Exercise goal: Begin at the line containing "Antwoord: Uitspraak" and restate it and each line after it exactly, up to and including the last line below. Leave pictures out.

Data records
------------------------------

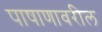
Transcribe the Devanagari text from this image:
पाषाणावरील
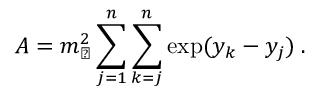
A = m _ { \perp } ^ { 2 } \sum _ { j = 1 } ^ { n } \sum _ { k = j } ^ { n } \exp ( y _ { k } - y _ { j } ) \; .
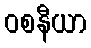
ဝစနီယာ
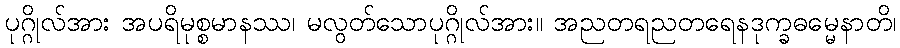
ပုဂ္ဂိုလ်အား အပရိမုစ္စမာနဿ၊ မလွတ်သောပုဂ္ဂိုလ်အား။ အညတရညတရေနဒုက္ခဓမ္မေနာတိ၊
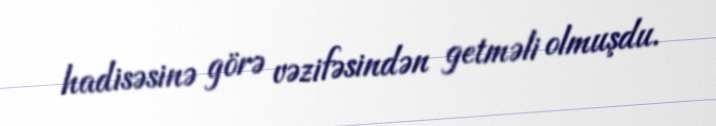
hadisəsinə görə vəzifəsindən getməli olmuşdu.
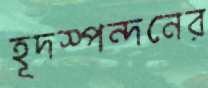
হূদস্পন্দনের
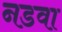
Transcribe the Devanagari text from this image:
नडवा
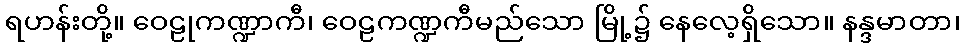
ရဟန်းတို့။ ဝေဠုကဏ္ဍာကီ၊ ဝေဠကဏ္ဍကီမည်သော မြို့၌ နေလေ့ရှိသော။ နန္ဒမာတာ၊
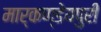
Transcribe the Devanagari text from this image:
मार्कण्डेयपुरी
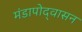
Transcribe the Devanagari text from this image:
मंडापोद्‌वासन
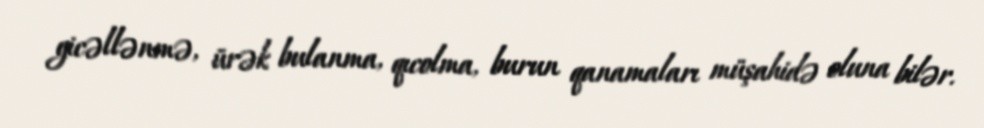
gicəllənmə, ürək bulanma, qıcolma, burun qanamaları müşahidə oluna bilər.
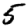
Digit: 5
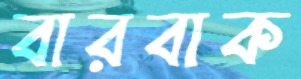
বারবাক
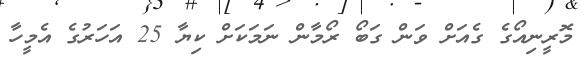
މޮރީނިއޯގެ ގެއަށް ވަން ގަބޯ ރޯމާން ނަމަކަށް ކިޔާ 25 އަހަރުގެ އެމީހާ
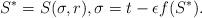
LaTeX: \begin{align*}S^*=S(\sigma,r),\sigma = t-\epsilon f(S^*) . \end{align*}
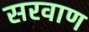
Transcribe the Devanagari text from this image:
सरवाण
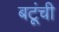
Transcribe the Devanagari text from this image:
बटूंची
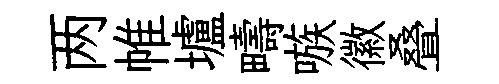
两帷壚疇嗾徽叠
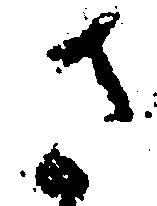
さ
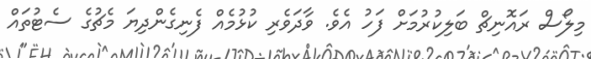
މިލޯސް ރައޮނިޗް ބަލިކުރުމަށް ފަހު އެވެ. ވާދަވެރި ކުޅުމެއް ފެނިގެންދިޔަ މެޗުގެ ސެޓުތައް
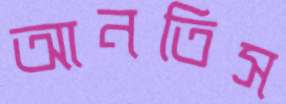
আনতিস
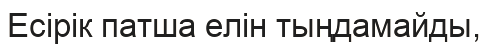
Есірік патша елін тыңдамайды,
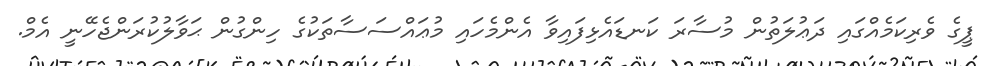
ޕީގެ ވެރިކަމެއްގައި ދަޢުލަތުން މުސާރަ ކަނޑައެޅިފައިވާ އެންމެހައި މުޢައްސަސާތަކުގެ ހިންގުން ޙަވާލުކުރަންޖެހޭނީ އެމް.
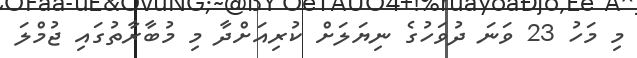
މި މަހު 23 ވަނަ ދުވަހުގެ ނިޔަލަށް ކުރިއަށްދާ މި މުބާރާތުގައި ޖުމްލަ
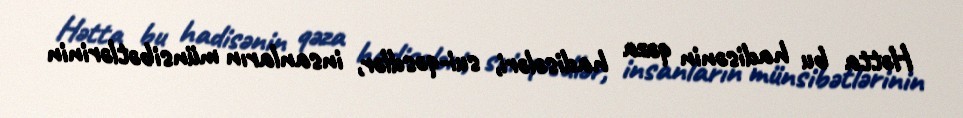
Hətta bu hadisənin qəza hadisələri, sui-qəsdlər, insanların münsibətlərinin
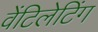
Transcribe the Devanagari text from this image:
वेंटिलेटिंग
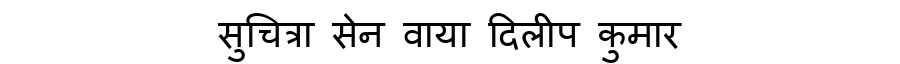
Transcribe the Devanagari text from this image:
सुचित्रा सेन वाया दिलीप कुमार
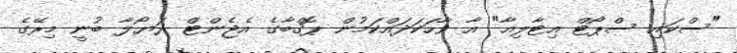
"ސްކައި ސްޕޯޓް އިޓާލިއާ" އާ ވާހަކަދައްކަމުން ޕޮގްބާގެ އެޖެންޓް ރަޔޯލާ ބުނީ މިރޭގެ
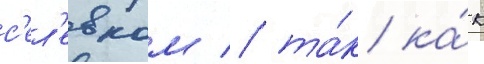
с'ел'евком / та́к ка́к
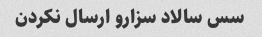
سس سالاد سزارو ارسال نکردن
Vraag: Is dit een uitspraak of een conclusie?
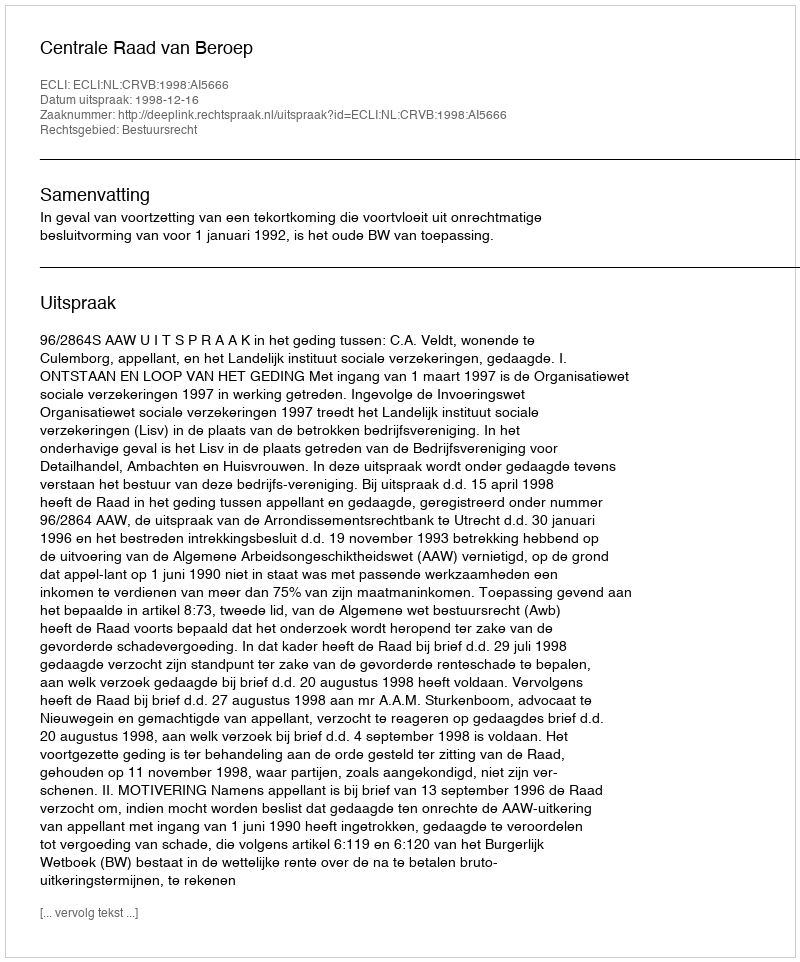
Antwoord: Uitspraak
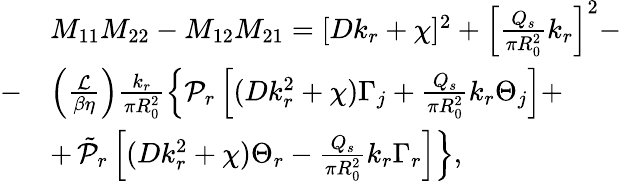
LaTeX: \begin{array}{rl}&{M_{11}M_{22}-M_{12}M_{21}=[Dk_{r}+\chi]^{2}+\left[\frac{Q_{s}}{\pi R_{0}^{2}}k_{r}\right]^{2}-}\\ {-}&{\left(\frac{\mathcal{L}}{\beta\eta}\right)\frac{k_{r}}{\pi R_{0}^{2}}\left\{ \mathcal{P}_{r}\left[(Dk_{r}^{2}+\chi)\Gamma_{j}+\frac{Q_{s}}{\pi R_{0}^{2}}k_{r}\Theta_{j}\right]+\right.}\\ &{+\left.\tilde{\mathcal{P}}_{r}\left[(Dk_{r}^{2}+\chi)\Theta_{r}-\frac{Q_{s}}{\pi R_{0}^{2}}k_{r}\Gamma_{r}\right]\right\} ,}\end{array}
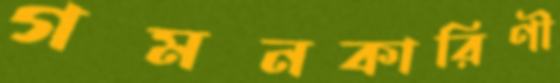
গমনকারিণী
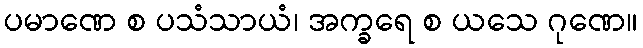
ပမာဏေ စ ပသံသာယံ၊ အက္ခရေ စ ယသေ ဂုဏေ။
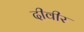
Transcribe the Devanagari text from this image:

------------------------------

Task solution:
Antwoord: Uitspraak
LaTeX: \begin{array}{rl}&{M_{11}M_{22}-M_{12}M_{21}=[Dk_{r}+\chi]^{2}+\left[\frac{Q_{s}}{\pi R_{0}^{2}}k_{r}\right]^{2}-}\\ {-}&{\left(\frac{\mathcal{L}}{\beta\eta}\right)\frac{k_{r}}{\pi R_{0}^{2}}\left\{ \mathcal{P}_{r}\left[(Dk_{r}^{2}+\chi)\Gamma_{j}+\frac{Q_{s}}{\pi R_{0}^{2}}k_{r}\Theta_{j}\right]+\right.}\\ &{+\left.\tilde{\mathcal{P}}_{r}\left[(Dk_{r}^{2}+\chi)\Theta_{r}-\frac{Q_{s}}{\pi R_{0}^{2}}k_{r}\Gamma_{r}\right]\right\} ,}\end{array}
গমনকারিণী
ပမာဏေ စ ပသံသာယံ၊ အက္ခရေ စ ယသေ ဂုဏေ။
Transcribe the Devanagari text from this image:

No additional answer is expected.